OBITUARY : Ernest Martin

Tom Vallance
Wednesday 10 May 1995 23:02 BST
Comments

Ernest Martin, tall and business-like, and his partner Cy Feuer, short and pugnacious, were among Broadway's most successful producers of musical shows, including Guys and Dolls, Can Can, How to Succeed In Business Without Really Trying and The Boy Friend, which in 1954 became the first British musical hit on Broadway in 25 years (since Nol Coward's Bitter Sweet), though headlines at the time concentrated more on the acrimony between its British creators and the American producers.

The first five Feuer-Martin shows were all smash hits, and though not the most popular characters on Broadway, the two men were credited with being among the most creative. "I don't think we're bad guys," Martin once said, "if the end justifies the means." The means were frequent firings, changes of approach and shattered relationships, but the results included several classics of the musical stage.

Born Ernest Harold Markowitz in Philadelphia, Martin rose from being an usher at the CBS Radio Station to director of network programming. Deciding in the late Forties that radio's peak had passed, he and Feuer, a music director at Republic Pictures, joined forces as producers - "We pushed our way into the theatre with our elbows and teeth," he later said. Martin initiated projects, spotting theatrical potential in material, then tended to business while Feuer took artistic control. "Ernie was the spark-plug," Feuer said, "and I was the engineer."

Where's Charley? (1948), a musical version of Charley's Aunt, was their first production and the first stage score by Frank Loesser. Its stormy tryout period was described by Loesser's then wife Lynn as "a hornet's nest of feuds, illicit love affairs, unrehearsed ballets, unfinished orchestrations and overall fury at Feuer and Martin . . . their manners were atrocious". The show ran for over two years and established the team, but it was their next show that elevated them to the major league.

Martin told Feuer that he had found a collection of Damon Runyon stories with a great title for a Broadway show, "Guys and Dolls". Loesser again provided the score, and brought in his chum Abe Burrows, writer of Duffy's Tavern, a radio show peopled with Runyonesque characters, to work on the libretto. Again, tryout travails (at one point Loesser literally slapped the leading lady Isabel Bigley in the face) were forgotten when the show opened in 1950 to become an instant classic.

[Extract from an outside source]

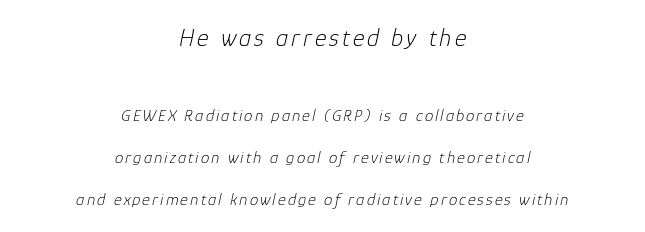
Nobody drew a line under any word here. Is there much room between lines? Yes — plenty of vertical air separates them. Compared with ordinary roman type, these characters are visibly tilted. The upper block of text is set noticeably larger than the block beneath it. Neither beginnings nor endings align; midpoints do.
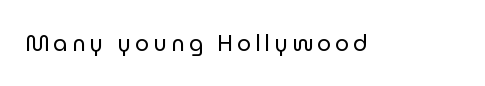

Cole Porter's Can Can (1953), Sandy Wilson's The Boy Friend (1954) and Porter's Silk Stockings (1955) gave the team their remarkable run of five hits, though The Boy Friend's triumph, while making a star of Julie Andrews, was marred by a vitriolic battle between the producers and the show's composer, Wilson, and director, Vida Hope, which resulted in private detectives being hired to keep the British pair out of the theatre during rehearsals and the seven preview performances. It was claimed that the Americans had broadened and vulgarised the affectionate pastiche. The only evidence available, the cast album, is so entertaining (and Wilson's reworking of "The Riviera" at the producers' request an improvement) that it is difficult to understand the acrimony, which was such that Wilson and Hope did not attend the first-night party where Martin proclaimed, "This boy Sandy's a genius."

A similar situation arose regarding George S. Kaufman and his wife Laueen McGrath, who initially worked on Silk Stockings but were asked to leave while revisions took place. When the couple arrived in Boston for the show's opening, they were informed by Martin that they were not welcome and were turned away.

Kaufman's venomous response was to comment later, "When I die, I want to be cremated and have my ashes thrown in Ernie Martin's face." Cole Porter, though, credited the team with hiring him when many on Broadway thought his best work was past and when both his health and temperament needed nurturing. Silk Stockings was, in fact, his last Broadway show.

The team's first failure, Whoop-Up (1958), was forgotten when Martin detected musical potential in an unproduced play based on Shepherd Mead's handbook How to Succeed in Business Without Really Trying. A dubious Frank Loesser was persuaded to do the score - he had been producing his own shows, the semi-operatic Most Happy Fella and a twee folk piece, Greenwillow, and was reluctant to return to the brash New York milieu - and the result won Tony and Drama Desk Awards plus the Pulitzer Prize.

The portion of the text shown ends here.